BT has a fight on its hands if it wants to profit from its hyperlink 'invention'. It attracted a hornet's nest of derision and threatened litigation last week when it announced that it intends to collect a royalty from every US internet service provider (ISP) for their customers' use of hyperlinks and hypertext - the technology that links web content through clickable symbols and highlighted words.
BT says that a patent covering the principle of hyperlinking was applied for in 1976 by the General Post Office (GPO), the then state-owned UK telecoms operator split into BT and the Post Office in the 1980s. It was intended to protect the GPO's teletext services such as Viewdata and Prestel.
The claim was subsequently ratified in 1989 by the official US Patent and Trademark Office (PTO).
Legal experts on this side of the Atlantic believe that patent number 4,873,662 may hold water, and that it gives BT a justified claim for recompense for hyperlink usage in the US, where it is valid until 2006.
The patent has expired elsewhere. BT appointed specialist intellectual property licensing firm QED to validate its claim, and recover fees for hyperlink use in the US.
Michael Hulston, QED's MD, said: "BT certainly has a valid patent, which it has a right to try to enforce in its shareholders' interests. It should be applauded for knowing what its assets are, and for trying to realise something from them. It would surely be of more concern if it was doing nothing." He added that QED was currently approaching US internet service providers on an "amicable basis" to ask for "a reasonable royalty".
Stormy reception
QED's reception is likely to be stormy. Hyperlinks and hypertext are used by hundreds of thousands of US websites, making the potential size of BT's claim mind-boggling. Many in the US web community have hit back, saying BT's demands are ludicrous and unenforceable.
Others allege that the BT patent is invalidated by clear evidence of prior art - proof that someone else had the idea first.
US academic Ted Nelson's 1971 book Dream Machines, and its 1974 follow-up Computer Lib, are cited as the origin of the concept. Nelson even coined the word 'hypertext', say his supporters.
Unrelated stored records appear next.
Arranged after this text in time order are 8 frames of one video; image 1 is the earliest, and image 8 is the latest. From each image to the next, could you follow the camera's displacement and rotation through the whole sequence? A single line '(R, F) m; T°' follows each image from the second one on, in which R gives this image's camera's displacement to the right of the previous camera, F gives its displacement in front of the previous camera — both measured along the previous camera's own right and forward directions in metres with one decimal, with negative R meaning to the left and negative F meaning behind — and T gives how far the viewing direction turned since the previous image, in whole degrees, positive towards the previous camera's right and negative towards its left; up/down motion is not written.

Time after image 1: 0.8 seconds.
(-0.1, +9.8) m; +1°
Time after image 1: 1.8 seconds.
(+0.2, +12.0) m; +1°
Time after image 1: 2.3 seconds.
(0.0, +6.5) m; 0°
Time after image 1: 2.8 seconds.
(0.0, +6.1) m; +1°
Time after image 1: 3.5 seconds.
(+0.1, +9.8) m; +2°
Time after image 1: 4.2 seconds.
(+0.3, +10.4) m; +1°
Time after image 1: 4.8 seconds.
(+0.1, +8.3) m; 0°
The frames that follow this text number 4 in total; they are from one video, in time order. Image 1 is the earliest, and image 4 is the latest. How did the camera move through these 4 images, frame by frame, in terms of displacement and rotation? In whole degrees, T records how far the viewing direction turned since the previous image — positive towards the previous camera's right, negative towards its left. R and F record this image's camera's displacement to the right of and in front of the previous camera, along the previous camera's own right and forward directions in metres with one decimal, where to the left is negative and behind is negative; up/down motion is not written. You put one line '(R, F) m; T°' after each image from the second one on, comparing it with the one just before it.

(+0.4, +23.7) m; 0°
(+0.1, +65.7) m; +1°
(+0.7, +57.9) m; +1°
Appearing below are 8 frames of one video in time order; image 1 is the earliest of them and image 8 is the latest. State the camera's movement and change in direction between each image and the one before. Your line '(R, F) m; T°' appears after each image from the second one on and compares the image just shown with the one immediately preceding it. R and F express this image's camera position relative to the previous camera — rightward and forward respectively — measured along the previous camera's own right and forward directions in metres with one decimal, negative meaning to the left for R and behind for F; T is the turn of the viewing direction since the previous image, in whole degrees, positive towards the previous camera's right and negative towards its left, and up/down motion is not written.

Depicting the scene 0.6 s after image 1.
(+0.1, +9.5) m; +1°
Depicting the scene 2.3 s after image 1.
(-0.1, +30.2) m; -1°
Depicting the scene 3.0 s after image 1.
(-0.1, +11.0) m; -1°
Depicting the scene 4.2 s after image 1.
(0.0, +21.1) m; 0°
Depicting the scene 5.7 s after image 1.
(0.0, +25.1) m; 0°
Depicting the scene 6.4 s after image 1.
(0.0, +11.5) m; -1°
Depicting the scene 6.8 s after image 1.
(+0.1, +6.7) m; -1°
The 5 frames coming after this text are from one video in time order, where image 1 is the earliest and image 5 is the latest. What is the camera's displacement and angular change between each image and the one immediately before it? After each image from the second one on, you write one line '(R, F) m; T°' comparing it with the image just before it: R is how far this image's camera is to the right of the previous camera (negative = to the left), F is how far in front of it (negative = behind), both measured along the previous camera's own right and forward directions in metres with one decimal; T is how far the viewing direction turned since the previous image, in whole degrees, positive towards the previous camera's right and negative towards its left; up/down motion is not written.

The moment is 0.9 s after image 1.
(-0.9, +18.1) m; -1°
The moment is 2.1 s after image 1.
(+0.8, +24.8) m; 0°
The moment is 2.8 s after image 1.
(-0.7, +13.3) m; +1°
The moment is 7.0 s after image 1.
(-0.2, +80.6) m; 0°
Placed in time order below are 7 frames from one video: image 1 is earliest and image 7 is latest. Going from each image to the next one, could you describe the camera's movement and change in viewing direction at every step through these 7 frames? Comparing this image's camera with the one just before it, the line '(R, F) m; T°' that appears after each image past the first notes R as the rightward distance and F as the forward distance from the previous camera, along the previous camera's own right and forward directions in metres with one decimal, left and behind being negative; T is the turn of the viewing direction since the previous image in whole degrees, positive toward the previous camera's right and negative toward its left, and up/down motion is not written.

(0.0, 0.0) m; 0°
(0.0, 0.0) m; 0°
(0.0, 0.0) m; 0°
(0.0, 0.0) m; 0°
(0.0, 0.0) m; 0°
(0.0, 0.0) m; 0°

There are those who champion a paper published by another US academic, Vannevar Bush, called As We May Think. This saw the light of day in July 1945.
And it's not only Americans who are pouring cold water on BT's move. Eurolinux, a non-profit making alliance of European commercial software publishers, has offered BT withering "congratulations" for "providing the world with a brilliant proof of the absurdity of software patent (law) as it stands in the US".
"BT's patent, by being so abstract and general, has given it the right to strangle the development of the web and a lot of related technologies," add Eurolinux.
Minimal effect
It is unlikely that BT's claim will go on to impair the development of the web, or seriously inconvenience US ISPs, but Eurolinux's main point is intact: BT's proceedings are yet another example of the wacky and dysfunctional world of hi-tech US patenting. Many examples illustrate that technology patenting in the US is seriously out of control.
The principle of patenting an invention dates back to the US of the late eighteenth century, and is enshrined in the country's constitution. It was intended that patenting would protect poor but ingenious individuals from being exploited by big business, by forcing a royalty out of any organisation using their patented invention commercially.
In the US today, this worthy idea has been turned on its head. The owner and enforcer of a patent is more likely to be a rapacious multinational seeking to beat off competition through aggressive litigation based on tenuous claims.
Hi-tech patents are used by players such as IBM, AT&T, Sun Microsystems and Microsoft on a prodigious scale to fend off the tiniest threat to their intellectual property. The victims are often not other technology giants, but small startups, freelance programmers or even enthusiastic amateurs who have, usually inadvertently, strayed onto their patch.
This can occur thanks both to the parlous state of the PTO and a huge rise in technology patent applications. Where once the law on copyrighting was adequate to protect technology innovation, now only a patent will do. At the beginning of the 1990s, there were a manageable 1600 software patents issued by the PTO annually. By 1997, this was 13,000, and last year's figure was around 22,500.
The PTO, operating on the same resources as a decade ago and staffed by poorly paid civil servants, is scarcely able to cope. Frivolous patent applications from big companies that can easily afford the costs involved are being approved, even though they had no business being filed in the first place.
Royalty payments
Protection of property is not applicants' only motivation. IBM makes some $1bn a year from royalties on its patents. The Linux developer community is at a disadvantage when competing with Microsoft, rendered vulnerable due to a refusal to patent its own work.
Tim Pearson, a council member of the ISP Association in the UK, and a vocal critic of BT's royalty claim, believes the patent problem is not confined to the US. "The mentality of 'patent everything' is spreading over here. The problem needs a drastic solution from someone with appropriate authority, perhaps the World Intellectual Property Organisation," he said.